Start of INPUT RECORDS
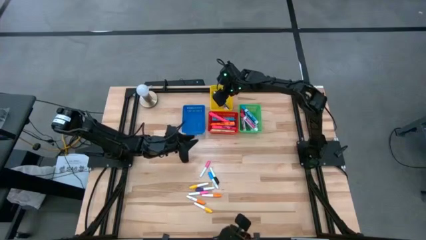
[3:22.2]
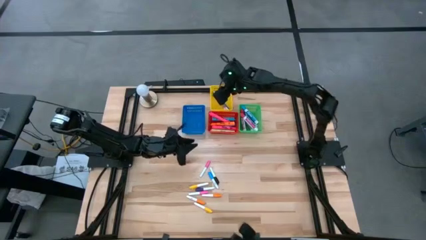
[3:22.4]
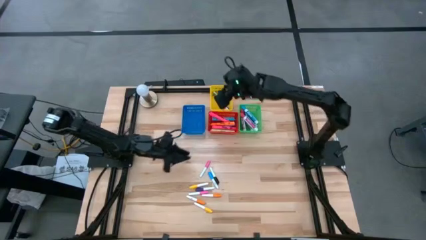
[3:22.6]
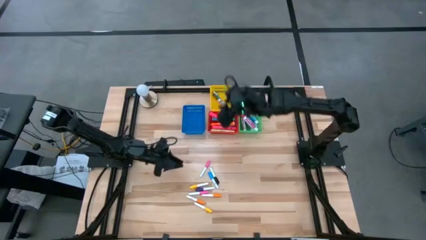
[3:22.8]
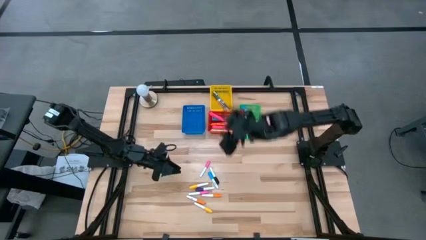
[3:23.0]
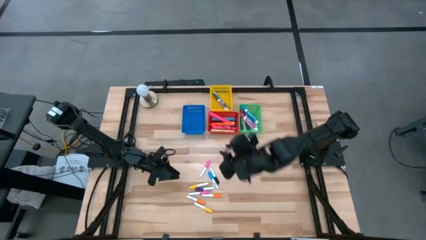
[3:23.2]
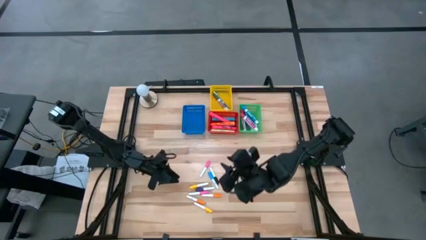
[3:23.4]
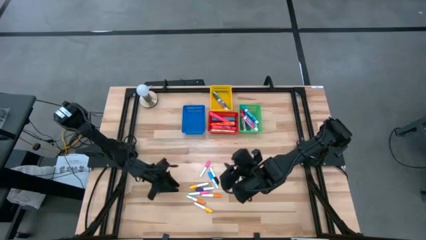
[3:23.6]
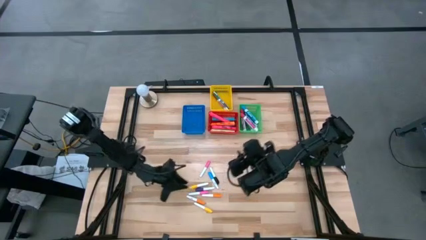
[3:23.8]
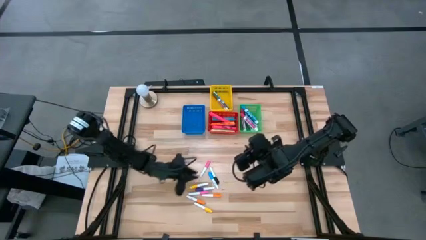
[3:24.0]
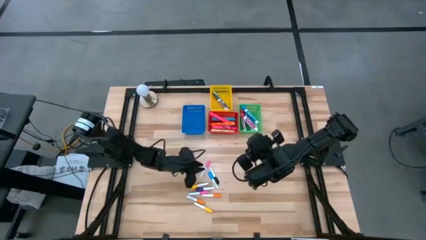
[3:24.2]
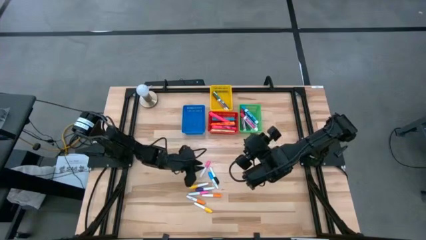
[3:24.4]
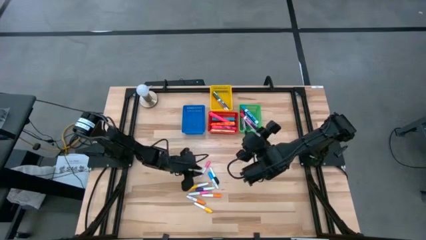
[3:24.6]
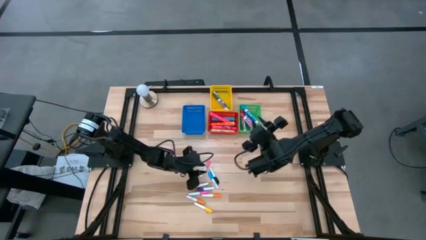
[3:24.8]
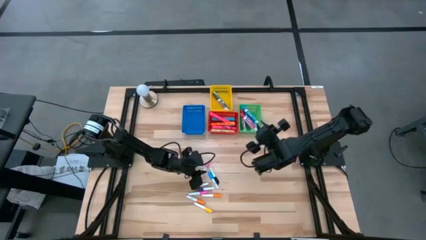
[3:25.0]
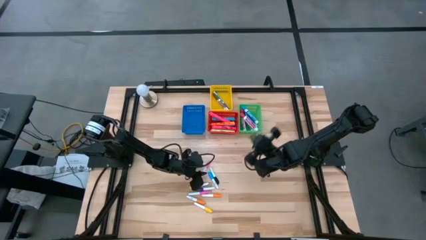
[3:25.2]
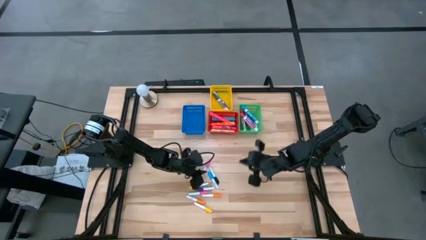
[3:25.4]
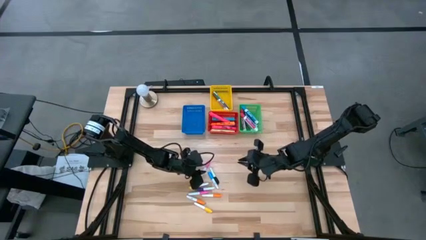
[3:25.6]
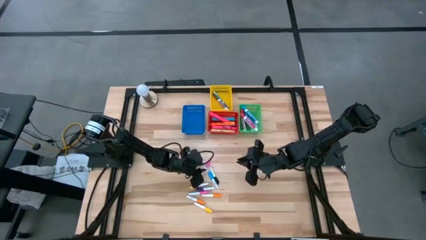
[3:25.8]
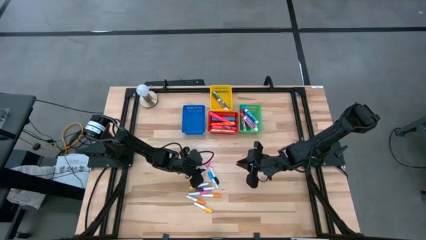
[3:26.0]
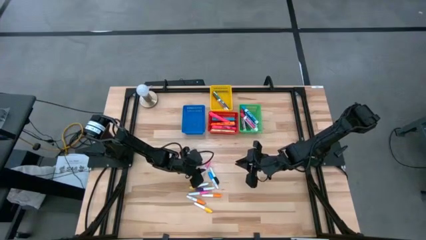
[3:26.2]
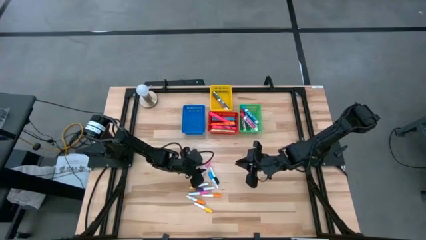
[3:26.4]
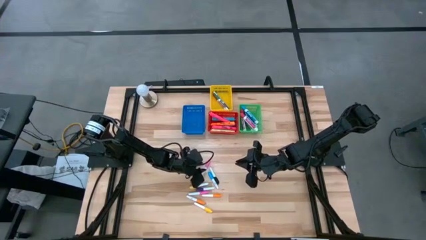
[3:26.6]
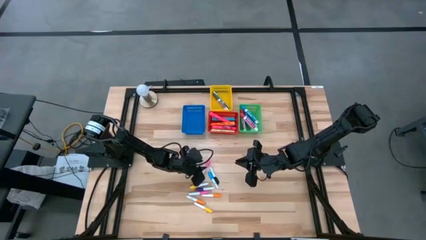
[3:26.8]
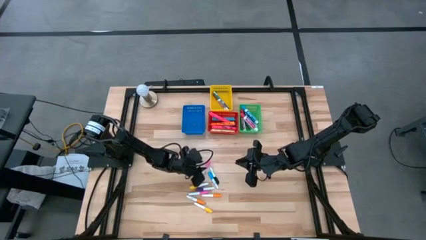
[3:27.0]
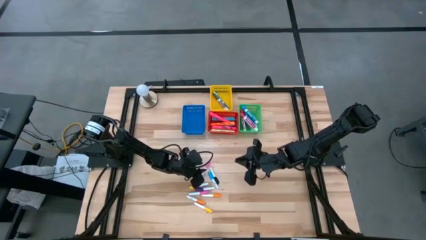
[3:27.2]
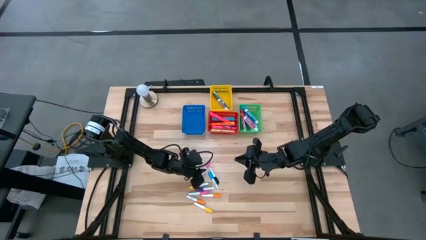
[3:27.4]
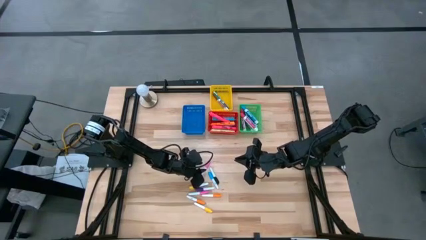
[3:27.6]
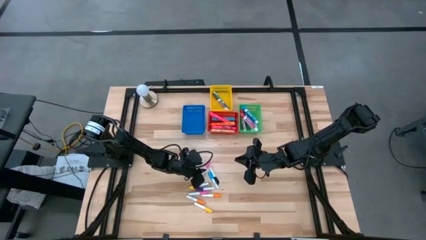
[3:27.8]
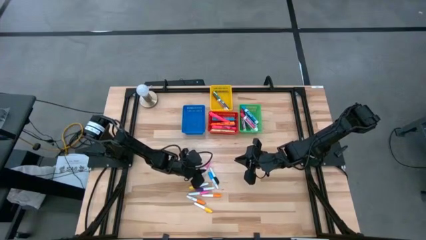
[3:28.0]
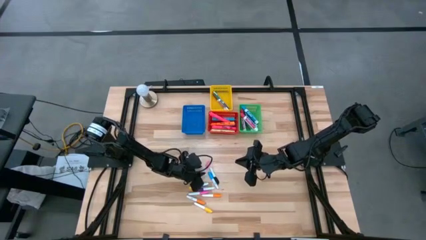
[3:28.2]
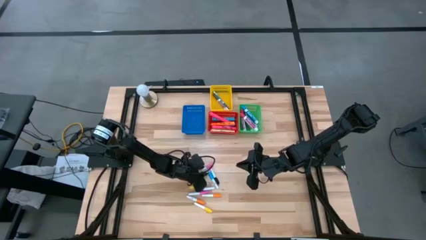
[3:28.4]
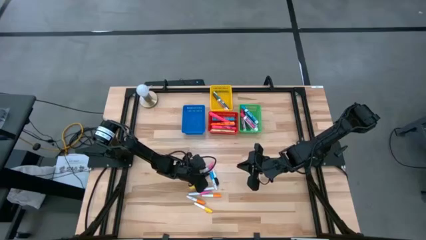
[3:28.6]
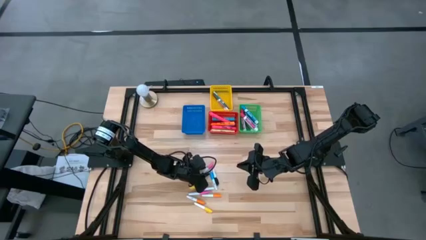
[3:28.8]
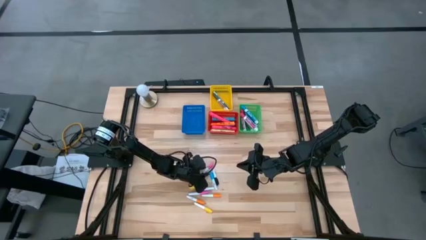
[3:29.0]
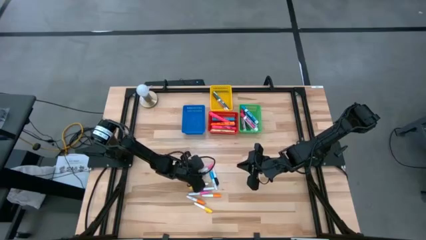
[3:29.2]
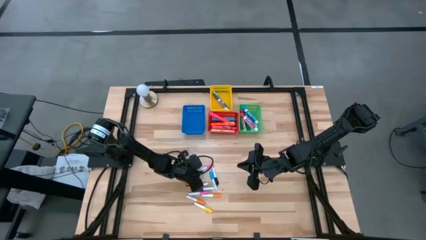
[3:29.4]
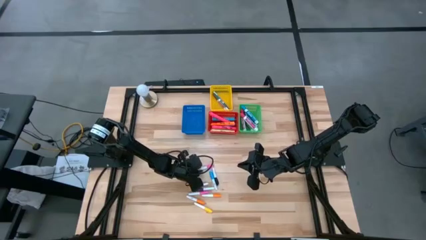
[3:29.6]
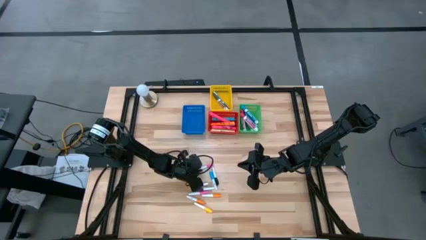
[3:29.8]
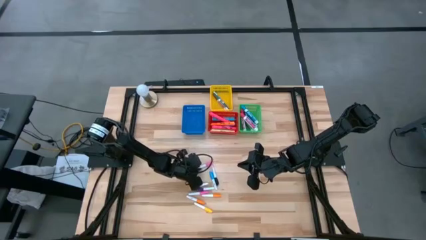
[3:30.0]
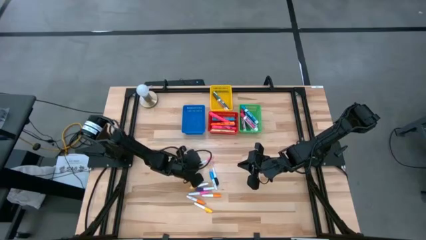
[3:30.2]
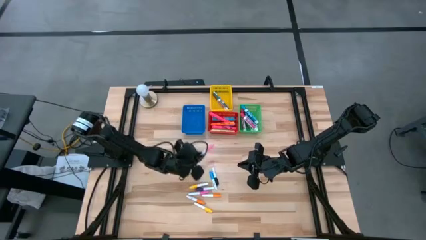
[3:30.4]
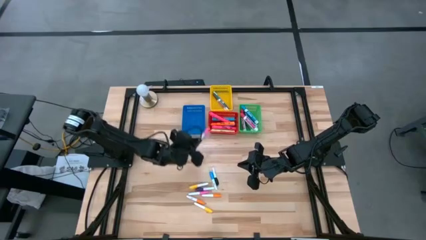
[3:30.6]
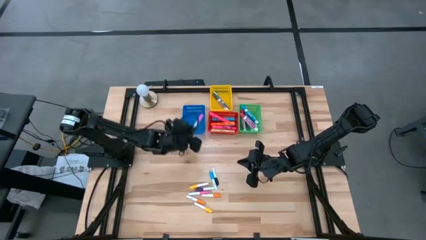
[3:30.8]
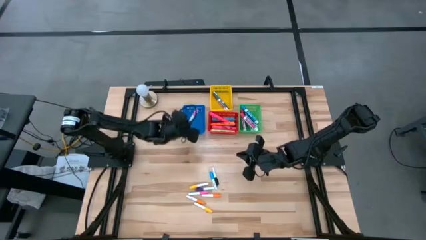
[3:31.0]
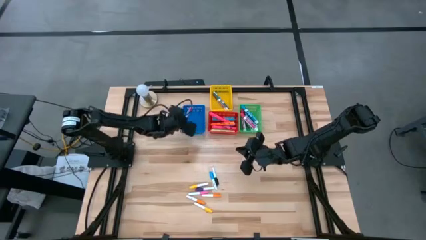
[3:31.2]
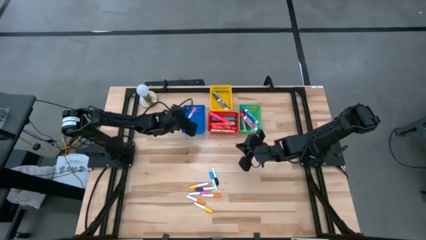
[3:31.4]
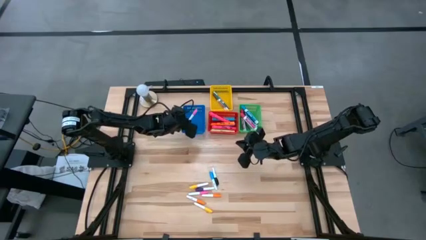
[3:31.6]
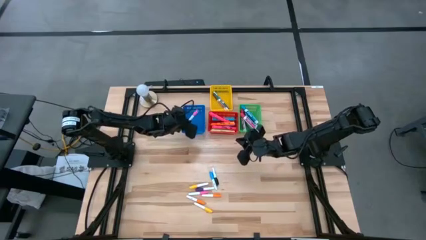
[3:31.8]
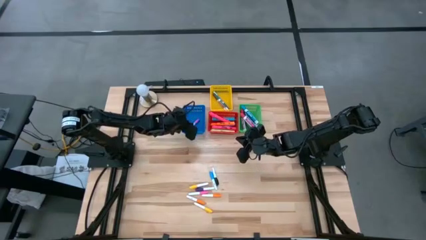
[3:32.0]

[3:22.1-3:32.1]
End of INPUT RECORDS
§ **PROBLEM DESCRIPTION**:
A verbatim copy of the entries, stripped of pictures, should be produced.

§ **EXERCISE ANSWER**:
[3:22.2]
[3:22.4]
[3:22.6]
[3:22.8]
[3:23.0]
[3:23.2]
[3:23.4]
[3:23.6]
[3:23.8]
[3:24.0]
[3:24.2]
[3:24.4]
[3:24.6]
[3:24.8]
[3:25.0]
[3:25.2]
[3:25.4]
[3:25.6]
[3:25.8]
[3:26.0]
[3:26.2]
[3:26.4]
[3:26.6]
[3:26.8]
[3:27.0]
[3:27.2]
[3:27.4]
[3:27.6]
[3:27.8]
[3:28.0]
[3:28.2]
[3:28.4]
[3:28.6]
[3:28.8]
[3:29.0]
[3:29.2]
[3:29.4]
[3:29.6]
[3:29.8]
[3:30.0]
[3:30.2]
[3:30.4]
[3:30.6]
[3:30.8]
[3:31.0]
[3:31.2]
[3:31.4]
[3:31.6]
[3:31.8]
[3:32.0]

[3:22.1-3:32.1]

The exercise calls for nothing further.